Internet Governance Forum - 5th meeting
14-17 September 2010, Vilnius (Lithuania)

Interview with Katharine Sarikakis, Council of Europe expert at the IGF

06.09.2010

“The online world extends and reproduces conditions that are hostile to women’s rights”

What are the main risks for women´s rights on the Internet?

Some risks are similar to those in the physical world, some heighten problems. The risks derive from the discriminatory representation of women in online media content, stereotyping, the lack of women’s political representation in Internet policy making and the lack of women’s interests representation in the design of Internet technologies. For example, women may experience gender-specific mental and emotional abuse while online, or even physical abuse facilitated by virtual means. Not only Internet content therefore but also the ways in which women’s privacy, data and location can be protected are relevant.
These aspects of mistreatment and discrimination are interconnected: the ‘symbolic’ level of discrimination - the words, ideas and images - and the material level of disadvantage - violence against women, discrimination at work and pay, objectification and trivialisation - feed into each other.
The online world extends and reproduces conditions that are hostile to women’s rights.

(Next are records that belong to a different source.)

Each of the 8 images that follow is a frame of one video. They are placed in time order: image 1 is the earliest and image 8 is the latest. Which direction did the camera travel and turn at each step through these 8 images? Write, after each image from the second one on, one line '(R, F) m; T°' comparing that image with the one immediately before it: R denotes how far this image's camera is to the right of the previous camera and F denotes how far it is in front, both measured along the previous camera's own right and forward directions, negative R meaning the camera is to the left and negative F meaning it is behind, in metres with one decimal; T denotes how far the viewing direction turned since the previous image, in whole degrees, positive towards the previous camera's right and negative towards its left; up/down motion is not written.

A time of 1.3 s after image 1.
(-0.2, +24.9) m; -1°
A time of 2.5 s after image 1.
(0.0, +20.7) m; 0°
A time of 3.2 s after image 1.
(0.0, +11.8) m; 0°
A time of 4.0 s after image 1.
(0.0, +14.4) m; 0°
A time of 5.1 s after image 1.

The Internet presents us with new problems as well, but this is not because of the nature of the Internet as ‘uncontrollable’ and ‘dangerous’ but because patriarchal cultures frame the way in which communication means and technologies are used.

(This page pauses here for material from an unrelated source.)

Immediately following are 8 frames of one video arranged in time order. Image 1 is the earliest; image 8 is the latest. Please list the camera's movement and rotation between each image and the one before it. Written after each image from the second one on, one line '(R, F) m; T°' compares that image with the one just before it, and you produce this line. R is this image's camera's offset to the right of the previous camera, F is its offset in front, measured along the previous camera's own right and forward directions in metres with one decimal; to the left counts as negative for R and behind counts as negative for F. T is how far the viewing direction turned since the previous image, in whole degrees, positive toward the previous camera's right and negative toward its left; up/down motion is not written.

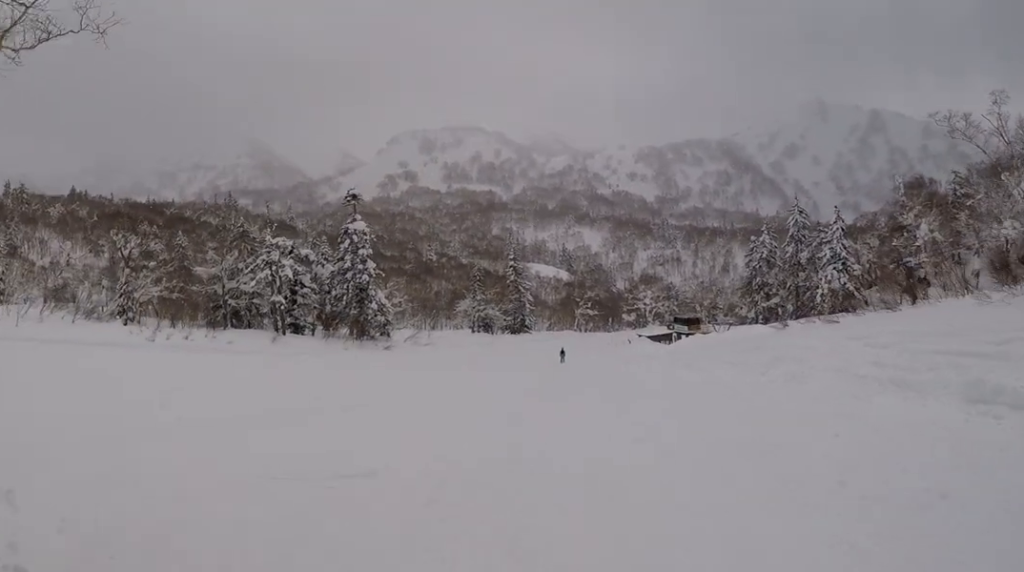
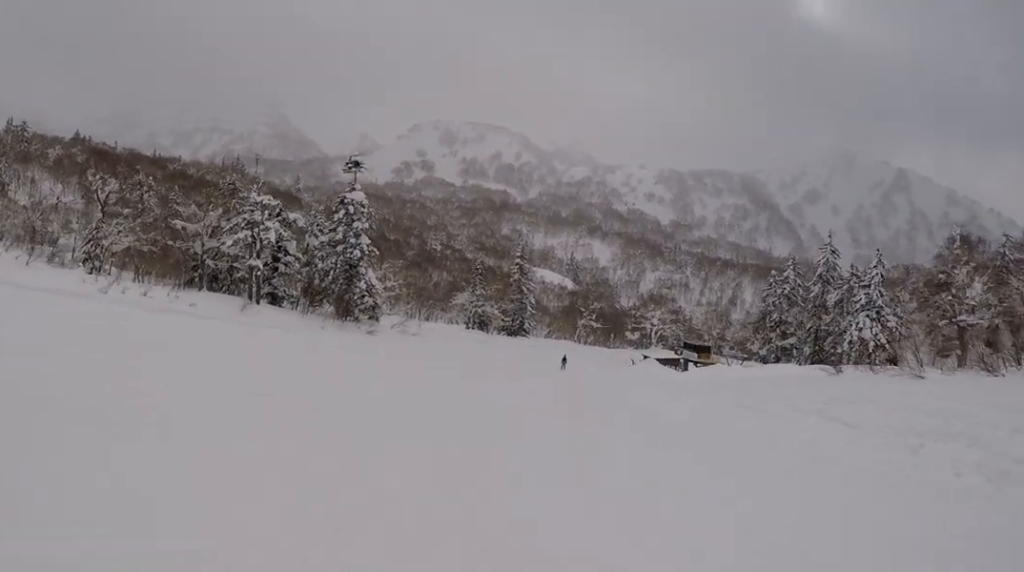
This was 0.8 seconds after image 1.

Is the Internet being used to sexually exploit women?

The Internet is being used to buy and sell women through prostitution, sex slavery and other forms of exploitation; and also for the grooming of young girls by adults. In particular it is being used against women with little access to it, women tied in the chains of poverty, illiteracy or cultural prejudice. Hence, the issue here is not only the fact that women – the poor in particular - are in danger because men can afford and want to buy/sell them, but also the fact that these women have little or no access to the Internet and networks that can support them.
Having said that, access to the world of the Internet alone is not enough, if one cannot shape the conditions of its development and use. These conditions are not experienced only by women in poor countries, but also by women in wealthy nations.

Does the loss of privacy the Internet brings create any risks of facilitating gender violence?

Stalkers, abusive fathers, husbands or boyfriends can trace and find a woman who is on the run or hiding in order to escape an abusive relationship or survive. GPS tracking of mobile phones is only a click away with the help of Internet based operating companies. Women’s images, self- made for intimate use or recordings made by partners circulate through mobile phones and PCs without the possibility for women to eliminate them: the image lives forever. There is a profound imbalance here: on the one hand, hyper-sexualised images of women dominate popular cultural production and consumption coupled; on the other, women are largely deprived from the possibility to technologically intervene in these cultures. The result is the silencing of women, virtually, physically, technologically and politically.
However, it is important to note that states and the corporate world are also part of the problem when they treat women solely as consumers, users or victims. A problem as old as the media themselves is the fact that women have always been kept outside the development of communication policy and technology.
When it comes to policy, whether in terms of law or of corporate direction planning, women’s concerns and ideas have been stereotyped and trivialised, categorised as ‘special’ interests and effectively treated as ‘exceptional’. The consequence is that after more than 40 years of feminist movement, we are still compelled to point out women’s rights.

Should there be a regulation of content to protect these rights?

Regulation of content is not the only thing we need to do; it is not a panacea. But at the same time we cannot afford not to have it. We must first understand the complexity of the conditions that render women’s rights ‘exceptional’ and at risk.
States and corporations have a big role to play and significant responsibility in drafting not only soft but also hard policy to address sexism and inequality. Content regulation is important, but it should be directed primarily at the producers of harmful content and not at criminalising the user. At the same time, we need regulation that controls technological interference without the users’ knowledge from the inside, which means control over those who profit from technological applications that are hidden from the user, do not allow their disabling or are too complicated to understand.
Finally, we need state regulations and corporate policies that take account of women’s rights in their structural level through the active participation of women in policymaking. These can be regulations that strengthen the user based initiative and ability to ‘fight back’, for example by being able to ‘delete’ private data from social networking sites.

ICANN has decided to create a xxx top level domain. Some actors argued that this step legitimises pornography and others thought that it restricts freedom of expression. What is your opinion?

The decision to create an XXX top level domain alone is less significant than the conditions under which this domain will operate. For me it is important to know this: will there be a significant percentage of the domain’s income donated to social work and social groups against child abuse, for setting up porn workers’ unions, for programmes against porn addiction and educational programmes? Will the domain filter the content not to allow violence and abusive language? Will the domain facilitate transparency that is so criminally lacking from the porn industry? Who owns whom? What are their profits? What is the status of their workers, and especially women? What are the contracts signed like?